第247章 〈After atory〉虹
「もしティルが嫌じゃなければ今度……飯でも食おう。」
「あ……、嬉しいんだけどでも……」
「もちろん子供も一緒に。」
「え………?」
「―――あ。嫌がるかなぁ……むしろ……ティルの子のほうが俺を……。」
そうだよな、お母さんといきなり知らない男が食事しだしたら警戒するか……なんてことをうーん、と考えていると、ティルはきょとんとした顔で俺を見つめていた。
「――――アーチ、変わったね……。」
「ん?」
「………とっても……柔らかくて、優しくなった………。昔の、冷静で感情を見せないアーチも……魅力的だったけど……。」
「――――あぁ……まぁ、いろいろあったしな。」
「――――今のアーチも、すごく……素敵で可愛い!」
――――ようやくティルが、あの頃と同じ笑顔で笑った。
彼女の言う『可愛い』を、昔の俺は理解ができなかったけれど、今の俺はそれがわかる。あの頃と変わらず俺に『可愛い』と満面の笑顔を向けてくれる彼女を、可愛いと……思うんだ。
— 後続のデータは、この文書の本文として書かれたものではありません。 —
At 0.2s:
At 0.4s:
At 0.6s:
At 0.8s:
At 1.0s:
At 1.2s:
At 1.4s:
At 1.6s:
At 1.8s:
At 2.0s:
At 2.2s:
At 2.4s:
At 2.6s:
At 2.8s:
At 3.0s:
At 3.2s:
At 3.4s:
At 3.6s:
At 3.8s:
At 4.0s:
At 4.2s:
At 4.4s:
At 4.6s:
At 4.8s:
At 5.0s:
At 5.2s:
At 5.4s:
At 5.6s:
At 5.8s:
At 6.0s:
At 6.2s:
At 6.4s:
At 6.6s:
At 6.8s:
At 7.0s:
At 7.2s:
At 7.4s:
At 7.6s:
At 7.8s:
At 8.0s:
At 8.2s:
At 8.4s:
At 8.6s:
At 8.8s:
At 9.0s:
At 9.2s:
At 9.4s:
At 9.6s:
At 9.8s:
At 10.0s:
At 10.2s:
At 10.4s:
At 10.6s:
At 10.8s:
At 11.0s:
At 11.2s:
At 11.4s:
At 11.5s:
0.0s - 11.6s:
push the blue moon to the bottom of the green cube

リンファに、エイルに、ナナさんに……あの兵長にすら感じた感情。
いつかティルが俺に言った。
『守りたいとか愛おしいって想いが、可愛いってことだ』と。それを見つけた俺はもしかしたら、今度こそティルにちゃんと……寄り添えるかもしれない。
「――――ティル。」
「――――ん?」
「今君に会えて良かった。――――できれば、これで終わりにしたくない。」
「…………!」
「ティルにとって迷惑じゃなければ。」
「………っ……とってもとっても……嬉しい………!」
過去は変えられないし、負った傷も……すべてが元通りになるわけじゃない。でも、決して良くないことばかりが傷として残るわけじゃない。
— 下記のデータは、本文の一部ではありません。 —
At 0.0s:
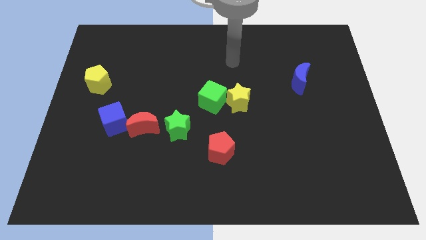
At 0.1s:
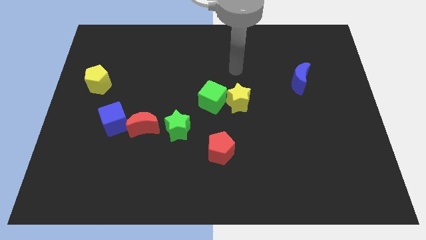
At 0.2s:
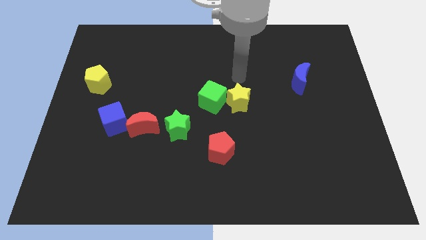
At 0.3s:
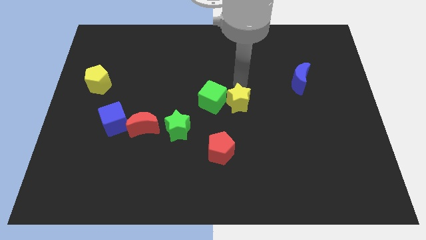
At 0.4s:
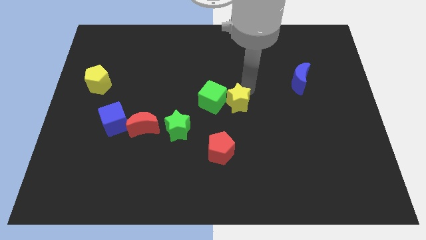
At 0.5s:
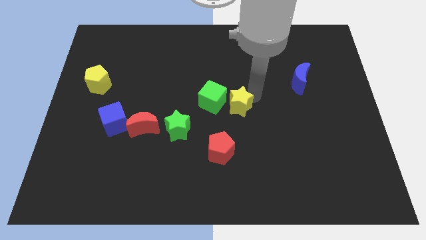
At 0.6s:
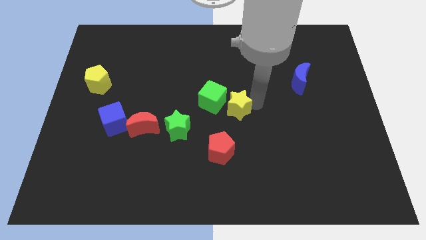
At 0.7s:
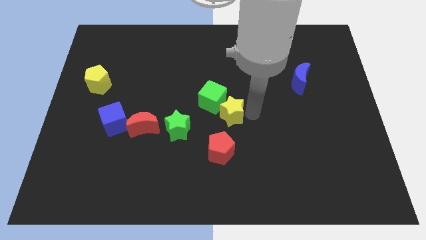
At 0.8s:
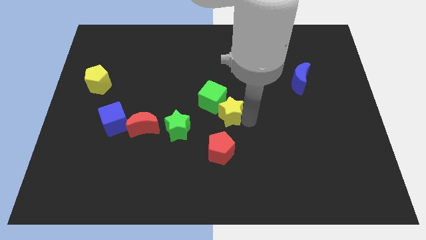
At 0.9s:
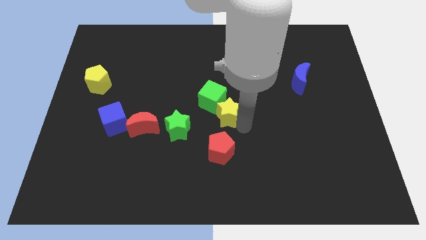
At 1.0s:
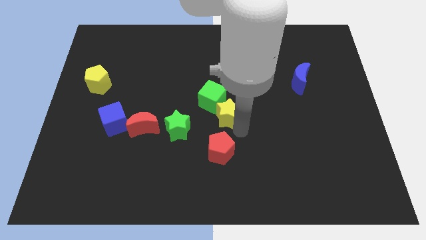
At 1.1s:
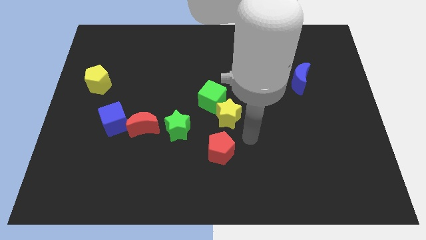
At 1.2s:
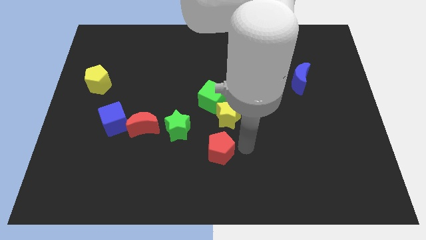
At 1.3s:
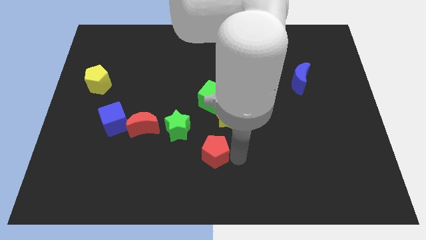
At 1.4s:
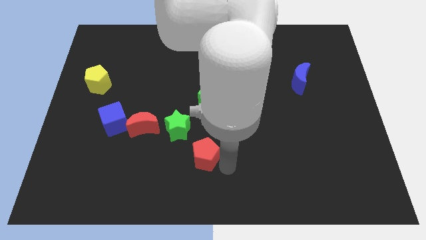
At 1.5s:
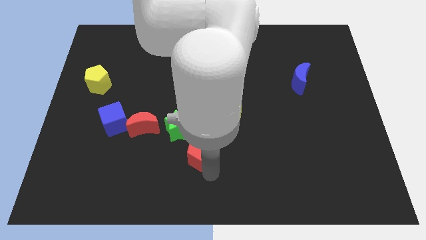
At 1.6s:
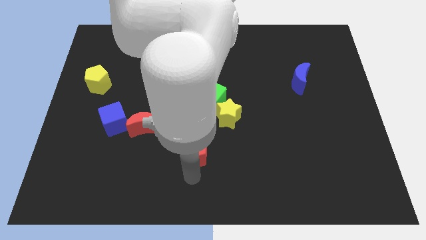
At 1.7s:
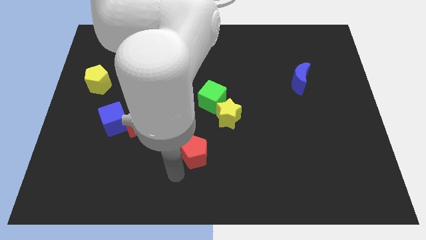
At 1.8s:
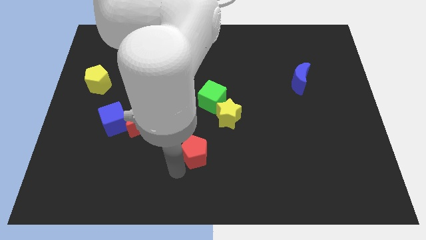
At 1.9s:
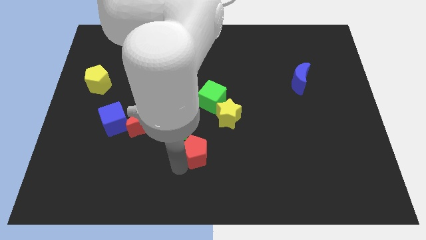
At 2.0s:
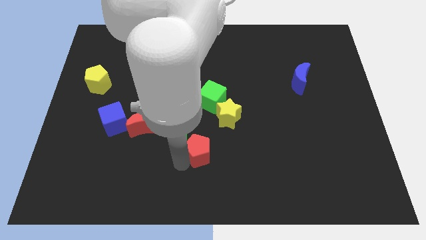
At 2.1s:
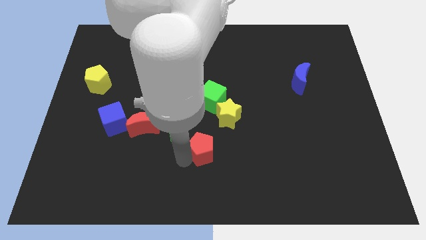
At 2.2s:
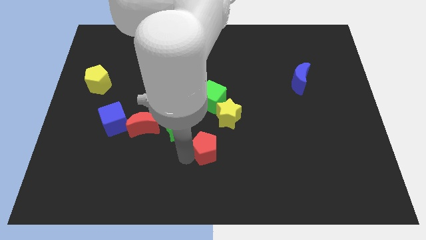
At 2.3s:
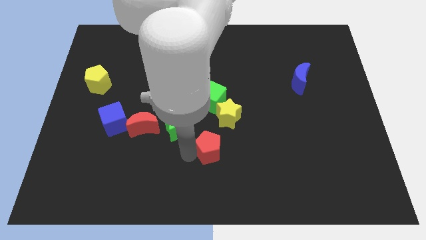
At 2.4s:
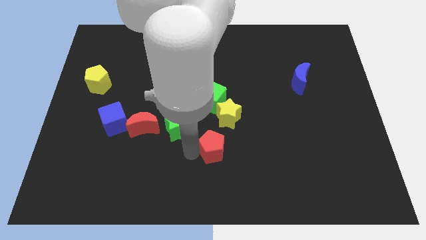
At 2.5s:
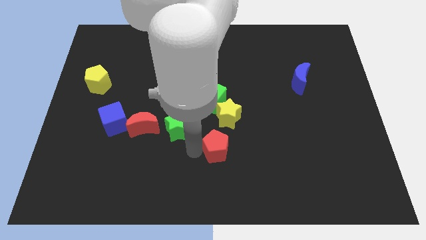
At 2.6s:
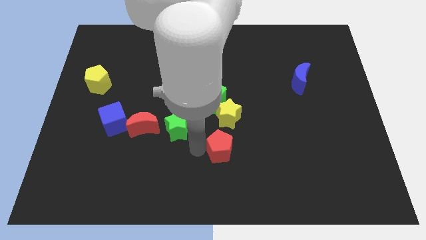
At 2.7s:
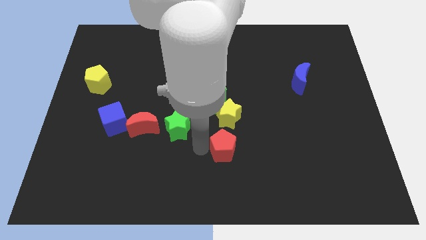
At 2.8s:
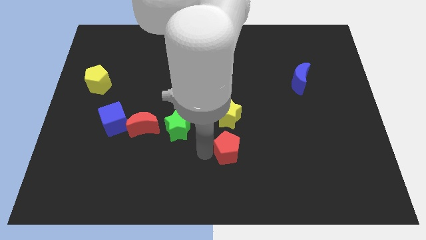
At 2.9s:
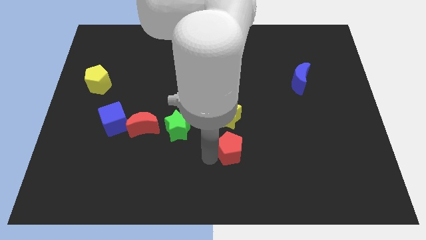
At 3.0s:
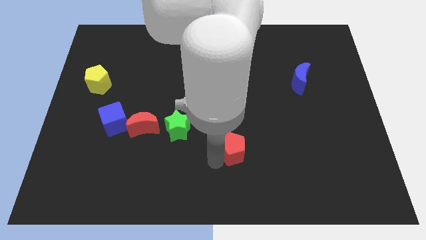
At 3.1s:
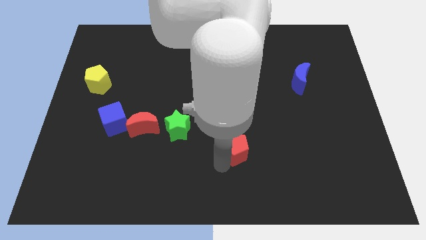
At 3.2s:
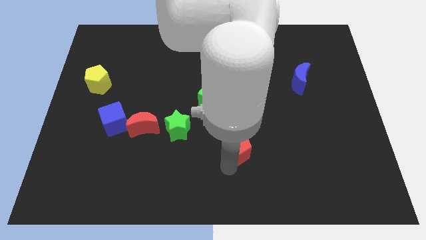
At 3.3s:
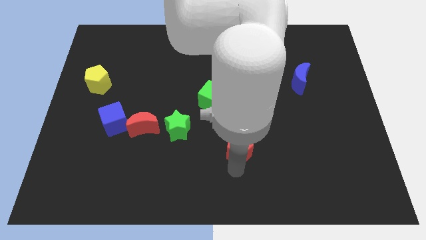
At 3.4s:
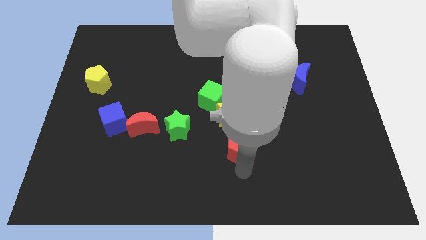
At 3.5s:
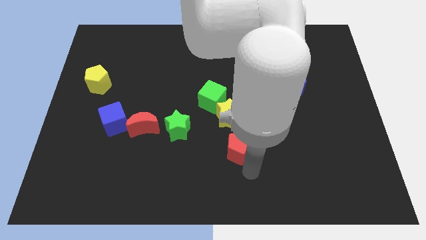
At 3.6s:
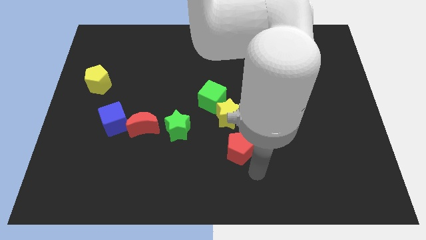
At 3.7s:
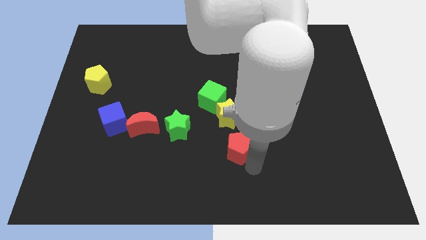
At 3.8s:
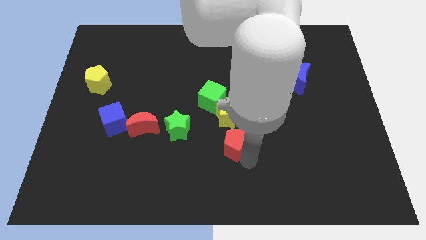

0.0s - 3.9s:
push the red pentagon to the right side of the green star

傷を治すために強くなったり、変化したり……それが今を作っていて……俺たちはまたこれから未来を生きていく。
――――ねぇ兵長、心配いらないよ。
ずっと兄ちゃんとあんたの背中を見続けてきたんだ。
俺はきっと……もがきながら、足掻きながら、なんとかやっていけるから。
たまには遊びに行くからさ。
見てて欲しい、あんたに。
俺がこれから、どう生きるのか。